> [Task requirements] Please retype the data in full and exactly; the pictures are not part of the copy.

> [Supplied data]
--- START ---

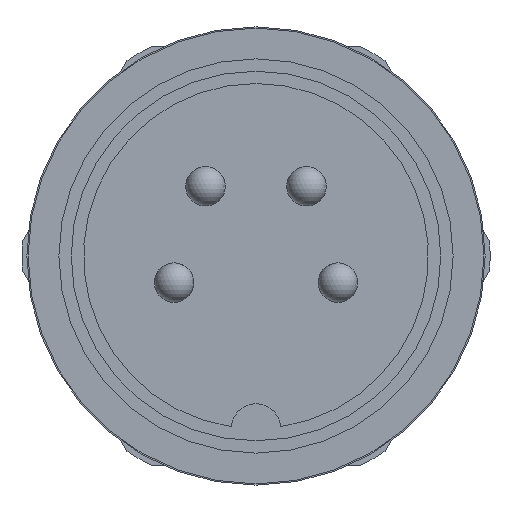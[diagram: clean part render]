
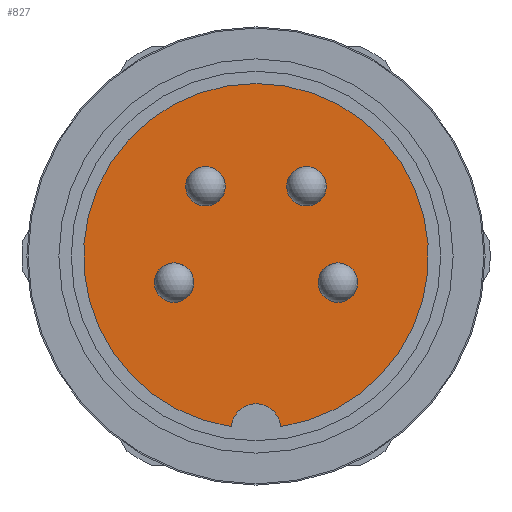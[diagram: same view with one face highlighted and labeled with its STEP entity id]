
A CAD part, front view. The second image highlights one B-rep face of the part: STEP entity #827.
In plain terms, the highlighted planar face has unit normal (0, -1, 0).
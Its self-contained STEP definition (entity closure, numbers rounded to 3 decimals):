
#533=CARTESIAN_POINT('',(2.85,-22.0,2.83));
#534=VERTEX_POINT('',#533);
#543=CARTESIAN_POINT('',(1.25,-22.0,2.83));
#544=VERTEX_POINT('',#543);
#545=CARTESIAN_POINT('',(2.05,-22.0,2.83));
#546=DIRECTION('',(0.0,1.0,0.0));
#547=DIRECTION('',(1.0,0.0,0.0));
#548=AXIS2_PLACEMENT_3D('',#545,#546,#547);
#549=CIRCLE('',#548,0.8);
#550=EDGE_CURVE('',#544,#534,#549,.T.);
#575=CARTESIAN_POINT('',(-1.25,-22.0,2.83));
#576=VERTEX_POINT('',#575);
#585=CARTESIAN_POINT('',(-2.85,-22.0,2.83));
#586=VERTEX_POINT('',#585);
#587=CARTESIAN_POINT('',(-2.05,-22.0,2.83));
#588=DIRECTION('',(0.0,1.0,0.0));
#589=DIRECTION('',(1.0,0.0,0.0));
#590=AXIS2_PLACEMENT_3D('',#587,#588,#589);
#591=CIRCLE('',#590,0.8);
#592=EDGE_CURVE('',#586,#576,#591,.T.);
#617=CARTESIAN_POINT('',(-2.525,-22.0,-1.08));
#618=VERTEX_POINT('',#617);
#627=CARTESIAN_POINT('',(-4.125,-22.0,-1.08));
#628=VERTEX_POINT('',#627);
#629=CARTESIAN_POINT('',(-3.325,-22.0,-1.08));
#630=DIRECTION('',(0.0,1.0,0.0));
#631=DIRECTION('',(1.0,0.0,0.0));
#632=AXIS2_PLACEMENT_3D('',#629,#630,#631);
#633=CIRCLE('',#632,0.8);
#634=EDGE_CURVE('',#628,#618,#633,.T.);
#659=CARTESIAN_POINT('',(4.125,-22.0,-1.08));
#660=VERTEX_POINT('',#659);
#669=CARTESIAN_POINT('',(2.525,-22.0,-1.08));
#670=VERTEX_POINT('',#669);
#671=CARTESIAN_POINT('',(3.325,-22.0,-1.08));
#672=DIRECTION('',(0.0,1.0,0.0));
#673=DIRECTION('',(1.0,0.0,0.0));
#674=AXIS2_PLACEMENT_3D('',#671,#672,#673);
#675=CIRCLE('',#674,0.8);
#676=EDGE_CURVE('',#670,#660,#675,.T.);
#703=CARTESIAN_POINT('',(0.,-22.0,7.));
#704=VERTEX_POINT('',#703);
#720=CARTESIAN_POINT('',(-0.997,-22.0,-6.929));
#721=VERTEX_POINT('',#720);
#728=CARTESIAN_POINT('',(0.0,-22.0,0.0));
#729=DIRECTION('',(0.0,1.0,0.0));
#730=DIRECTION('',(0.0,0.0,1.0));
#731=AXIS2_PLACEMENT_3D('',#728,#729,#730);
#732=CIRCLE('',#731,7.);
#733=EDGE_CURVE('',#721,#704,#732,.T.);
#752=CARTESIAN_POINT('',(0.997,-22.0,-6.929));
#753=VERTEX_POINT('',#752);
#760=CARTESIAN_POINT('',(0.0,-22.0,-7.));
#761=DIRECTION('',(0.0,1.0,0.0));
#762=DIRECTION('',(-0.997,0.0,0.071));
#763=AXIS2_PLACEMENT_3D('',#760,#761,#762);
#764=CIRCLE('',#763,1.0);
#765=EDGE_CURVE('',#721,#753,#764,.T.);
#771=CARTESIAN_POINT('',(0.0,-22.0,3.5));
#772=DIRECTION('',(0.0,-1.0,0.0));
#773=DIRECTION('',(0.0,0.0,-1.0));
#774=AXIS2_PLACEMENT_3D('',#771,#772,#773);
#775=PLANE('',#774);
#776=ORIENTED_EDGE('',*,*,#765,.T.);
#777=CARTESIAN_POINT('',(0.0,-22.0,0.0));
#778=DIRECTION('',(0.0,1.0,0.0));
#779=DIRECTION('',(0.0,0.0,1.0));
#780=AXIS2_PLACEMENT_3D('',#777,#778,#779);
#781=CIRCLE('',#780,7.);
#782=EDGE_CURVE('',#704,#753,#781,.T.);
#783=ORIENTED_EDGE('',*,*,#782,.F.);
#784=ORIENTED_EDGE('',*,*,#733,.F.);
#785=EDGE_LOOP('',(#776,#783,#784));
#786=FACE_OUTER_BOUND('',#785,.T.);
#787=ORIENTED_EDGE('',*,*,#550,.T.);
#788=CARTESIAN_POINT('',(2.05,-22.0,2.83));
#789=DIRECTION('',(0.0,1.0,0.0));
#790=DIRECTION('',(1.0,0.0,0.0));
#791=AXIS2_PLACEMENT_3D('',#788,#789,#790);
#792=CIRCLE('',#791,0.8);
#793=EDGE_CURVE('',#534,#544,#792,.T.);
#794=ORIENTED_EDGE('',*,*,#793,.T.);
#795=EDGE_LOOP('',(#787,#794));
#796=FACE_BOUND('',#795,.T.);
#797=ORIENTED_EDGE('',*,*,#676,.T.);
#798=CARTESIAN_POINT('',(3.325,-22.0,-1.08));
#799=DIRECTION('',(0.0,1.0,0.0));
#800=DIRECTION('',(1.0,0.0,0.0));
#801=AXIS2_PLACEMENT_3D('',#798,#799,#800);
#802=CIRCLE('',#801,0.8);
#803=EDGE_CURVE('',#660,#670,#802,.T.);
#804=ORIENTED_EDGE('',*,*,#803,.T.);
#805=EDGE_LOOP('',(#797,#804));
#806=FACE_BOUND('',#805,.T.);
#807=ORIENTED_EDGE('',*,*,#634,.T.);
#808=CARTESIAN_POINT('',(-3.325,-22.0,-1.08));
#809=DIRECTION('',(0.0,1.0,0.0));
#810=DIRECTION('',(1.0,0.0,0.0));
#811=AXIS2_PLACEMENT_3D('',#808,#809,#810);
#812=CIRCLE('',#811,0.8);
#813=EDGE_CURVE('',#618,#628,#812,.T.);
#814=ORIENTED_EDGE('',*,*,#813,.T.);
#815=EDGE_LOOP('',(#807,#814));
#816=FACE_BOUND('',#815,.T.);
#817=ORIENTED_EDGE('',*,*,#592,.T.);
#818=CARTESIAN_POINT('',(-2.05,-22.0,2.83));
#819=DIRECTION('',(0.0,1.0,0.0));
#820=DIRECTION('',(1.0,0.0,0.0));
#821=AXIS2_PLACEMENT_3D('',#818,#819,#820);
#822=CIRCLE('',#821,0.8);
#823=EDGE_CURVE('',#576,#586,#822,.T.);
#824=ORIENTED_EDGE('',*,*,#823,.T.);
#825=EDGE_LOOP('',(#817,#824));
#826=FACE_BOUND('',#825,.T.);
#827=ADVANCED_FACE('',(#786,#796,#806,#816,#826),#775,.T.);

--- END ---

> [Written answer]
[diagram: clean part render]
[diagram: same view with one face highlighted and labeled with its STEP entity id]
A CAD part, front view. The second image highlights one B-rep face of the part: STEP entity #827.
In plain terms, the highlighted planar face has unit normal (0, -1, 0).
Its self-contained STEP definition (entity closure, numbers rounded to 3 decimals):
#533=CARTESIAN_POINT('',(2.85,-22.0,2.83));
#534=VERTEX_POINT('',#533);
#543=CARTESIAN_POINT('',(1.25,-22.0,2.83));
#544=VERTEX_POINT('',#543);
#545=CARTESIAN_POINT('',(2.05,-22.0,2.83));
#546=DIRECTION('',(0.0,1.0,0.0));
#547=DIRECTION('',(1.0,0.0,0.0));
#548=AXIS2_PLACEMENT_3D('',#545,#546,#547);
#549=CIRCLE('',#548,0.8);
#550=EDGE_CURVE('',#544,#534,#549,.T.);
#575=CARTESIAN_POINT('',(-1.25,-22.0,2.83));
#576=VERTEX_POINT('',#575);
#585=CARTESIAN_POINT('',(-2.85,-22.0,2.83));
#586=VERTEX_POINT('',#585);
#587=CARTESIAN_POINT('',(-2.05,-22.0,2.83));
#588=DIRECTION('',(0.0,1.0,0.0));
#589=DIRECTION('',(1.0,0.0,0.0));
#590=AXIS2_PLACEMENT_3D('',#587,#588,#589);
#591=CIRCLE('',#590,0.8);
#592=EDGE_CURVE('',#586,#576,#591,.T.);
#617=CARTESIAN_POINT('',(-2.525,-22.0,-1.08));
#618=VERTEX_POINT('',#617);
#627=CARTESIAN_POINT('',(-4.125,-22.0,-1.08));
#628=VERTEX_POINT('',#627);
#629=CARTESIAN_POINT('',(-3.325,-22.0,-1.08));
#630=DIRECTION('',(0.0,1.0,0.0));
#631=DIRECTION('',(1.0,0.0,0.0));
#632=AXIS2_PLACEMENT_3D('',#629,#630,#631);
#633=CIRCLE('',#632,0.8);
#634=EDGE_CURVE('',#628,#618,#633,.T.);
#659=CARTESIAN_POINT('',(4.125,-22.0,-1.08));
#660=VERTEX_POINT('',#659);
#669=CARTESIAN_POINT('',(2.525,-22.0,-1.08));
#670=VERTEX_POINT('',#669);
#671=CARTESIAN_POINT('',(3.325,-22.0,-1.08));
#672=DIRECTION('',(0.0,1.0,0.0));
#673=DIRECTION('',(1.0,0.0,0.0));
#674=AXIS2_PLACEMENT_3D('',#671,#672,#673);
#675=CIRCLE('',#674,0.8);
#676=EDGE_CURVE('',#670,#660,#675,.T.);
#703=CARTESIAN_POINT('',(0.,-22.0,7.));
#704=VERTEX_POINT('',#703);
#720=CARTESIAN_POINT('',(-0.997,-22.0,-6.929));
#721=VERTEX_POINT('',#720);
#728=CARTESIAN_POINT('',(0.0,-22.0,0.0));
#729=DIRECTION('',(0.0,1.0,0.0));
#730=DIRECTION('',(0.0,0.0,1.0));
#731=AXIS2_PLACEMENT_3D('',#728,#729,#730);
#732=CIRCLE('',#731,7.);
#733=EDGE_CURVE('',#721,#704,#732,.T.);
#752=CARTESIAN_POINT('',(0.997,-22.0,-6.929));
#753=VERTEX_POINT('',#752);
#760=CARTESIAN_POINT('',(0.0,-22.0,-7.));
#761=DIRECTION('',(0.0,1.0,0.0));
#762=DIRECTION('',(-0.997,0.0,0.071));
#763=AXIS2_PLACEMENT_3D('',#760,#761,#762);
#764=CIRCLE('',#763,1.0);
#765=EDGE_CURVE('',#721,#753,#764,.T.);
#771=CARTESIAN_POINT('',(0.0,-22.0,3.5));
#772=DIRECTION('',(0.0,-1.0,0.0));
#773=DIRECTION('',(0.0,0.0,-1.0));
#774=AXIS2_PLACEMENT_3D('',#771,#772,#773);
#775=PLANE('',#774);
#776=ORIENTED_EDGE('',*,*,#765,.T.);
#777=CARTESIAN_POINT('',(0.0,-22.0,0.0));
#778=DIRECTION('',(0.0,1.0,0.0));
#779=DIRECTION('',(0.0,0.0,1.0));
#780=AXIS2_PLACEMENT_3D('',#777,#778,#779);
#781=CIRCLE('',#780,7.);
#782=EDGE_CURVE('',#704,#753,#781,.T.);
#783=ORIENTED_EDGE('',*,*,#782,.F.);
#784=ORIENTED_EDGE('',*,*,#733,.F.);
#785=EDGE_LOOP('',(#776,#783,#784));
#786=FACE_OUTER_BOUND('',#785,.T.);
#787=ORIENTED_EDGE('',*,*,#550,.T.);
#788=CARTESIAN_POINT('',(2.05,-22.0,2.83));
#789=DIRECTION('',(0.0,1.0,0.0));
#790=DIRECTION('',(1.0,0.0,0.0));
#791=AXIS2_PLACEMENT_3D('',#788,#789,#790);
#792=CIRCLE('',#791,0.8);
#793=EDGE_CURVE('',#534,#544,#792,.T.);
#794=ORIENTED_EDGE('',*,*,#793,.T.);
#795=EDGE_LOOP('',(#787,#794));
#796=FACE_BOUND('',#795,.T.);
#797=ORIENTED_EDGE('',*,*,#676,.T.);
#798=CARTESIAN_POINT('',(3.325,-22.0,-1.08));
#799=DIRECTION('',(0.0,1.0,0.0));
#800=DIRECTION('',(1.0,0.0,0.0));
#801=AXIS2_PLACEMENT_3D('',#798,#799,#800);
#802=CIRCLE('',#801,0.8);
#803=EDGE_CURVE('',#660,#670,#802,.T.);
#804=ORIENTED_EDGE('',*,*,#803,.T.);
#805=EDGE_LOOP('',(#797,#804));
#806=FACE_BOUND('',#805,.T.);
#807=ORIENTED_EDGE('',*,*,#634,.T.);
#808=CARTESIAN_POINT('',(-3.325,-22.0,-1.08));
#809=DIRECTION('',(0.0,1.0,0.0));
#810=DIRECTION('',(1.0,0.0,0.0));
#811=AXIS2_PLACEMENT_3D('',#808,#809,#810);
#812=CIRCLE('',#811,0.8);
#813=EDGE_CURVE('',#618,#628,#812,.T.);
#814=ORIENTED_EDGE('',*,*,#813,.T.);
#815=EDGE_LOOP('',(#807,#814));
#816=FACE_BOUND('',#815,.T.);
#817=ORIENTED_EDGE('',*,*,#592,.T.);
#818=CARTESIAN_POINT('',(-2.05,-22.0,2.83));
#819=DIRECTION('',(0.0,1.0,0.0));
#820=DIRECTION('',(1.0,0.0,0.0));
#821=AXIS2_PLACEMENT_3D('',#818,#819,#820);
#822=CIRCLE('',#821,0.8);
#823=EDGE_CURVE('',#576,#586,#822,.T.);
#824=ORIENTED_EDGE('',*,*,#823,.T.);
#825=EDGE_LOOP('',(#817,#824));
#826=FACE_BOUND('',#825,.T.);
#827=ADVANCED_FACE('',(#786,#796,#806,#816,#826),#775,.T.);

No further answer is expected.